Students: Janik Rausch (628334), Camilo Tello Breuer (), Ida Wöstheinreich ()

You will implement and test two algorithms: **conjugate gradient** and **power method**. We will see in a moment what they are useful for. Fill the notebook following the instructions.

### Initialization

Here we load the needed libraries and we initialize the random number generator. **Important**: when using a random number generator, the seed needs to be set only once, preferebly at the beginning of the program.

In [16]:
import LinearAlgebra
import Random

using LinearAlgebra

Random.seed!(12345)

Random.TaskLocalRNG()

### Positive-definite matrices

Both algorithms will deal with hermitian positive-definite matrices. Recall:

- Given a complex square matrix $A$, its hermitian conjugate $A^\dagger$ is defined as its transposed complex-conjugated, i.e. $(A^\dagger)_{ij} = (A_{ji})^*$.
- A complex square matrix $A$ is said to be hermitian if $A=A^\dagger$.
- An hermitian matrix $A$ is said to be positive-definite if all its eigenvalues are positive.

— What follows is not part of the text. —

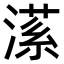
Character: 𣼒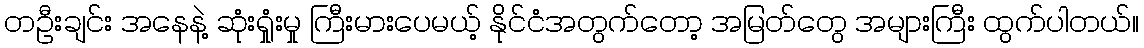
တဦးချင်း အနေနဲ့ ဆုံးရှုံးမှု ကြီးမားပေမယ့် နိုင်ငံအတွက်တော့ အမြတ်တွေ အများကြီး ထွက်ပါတယ်။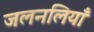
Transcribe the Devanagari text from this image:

The following function generates and returns a random positive-definite matrix, along with its eigenvactors and eigenvalues.

In [17]:
# The function 'generate_positive_definite_matrix' contructs an NxN positive-definite matrix 'A',
# its matrix of eigenvectors and its eigenvalues.
#
# Input parameters:
#    N (integer)        : size of output matrix 'A'
#    kappa (double)     : condition number of the output matrix 'A'
#                         see https://en.wikipedia.org/wiki/Condition_number#Matrices
# Output values: (A, U, evalues)
#    A (np.matrix)      : positive-definite NxN matrix with condition number kappa
#    U (np.matrix)      : NxN unitary matrix; each column of 'U' is an eigenvector of 'A'
#    evalues (np.array) : N-component array with eigenvalues of 'A'

function generate_positive_definite_matrix(N::Int64;kappa::Float64=10.)
    @assert(N > 1 , "N=" * string(N) * " must be an integer >= 2")
    @assert(kappa > 0. , "kappa=" * str(kappa) * " must be a positive float")
    
    rmat = Random.randn(N,N)+1im*Random.randn(N,N)
    U , _ = qr(rmat)
    evalues = vcat(1. .+ kappa*Random.rand(N-2),[1.;kappa])
    A = U*Diagonal(evalues)*U'
    
    return A, U, evalues
end

generate_positive_definite_matrix (generic function with 1 method)

### Power method

Given a positive-definite matrix $A$, the power method allows to approximate its largest eigenvalue and the corresponding eigenvector with a certain specified tolerance $\epsilon$. It is an iterative method: a number of steps are repeated cyclically, at each iteration one gets a better approximation of the eigenvalue and eigenvectors, the iteration is stopped when the approximation is good enough. It works as follows:

1. Generate a random complex vector $v$ with norm equal to 1.
2. Calculate $w=Av$ and $\mu = \| w \|$.
3. If $\| w - \mu v \| < \epsilon$, stop iteration and returns $\mu$ and $v$ are eigenvalue and eigenvector.
4. Replace $v \leftarrow \mu^{-1} w$ and repeat from 2.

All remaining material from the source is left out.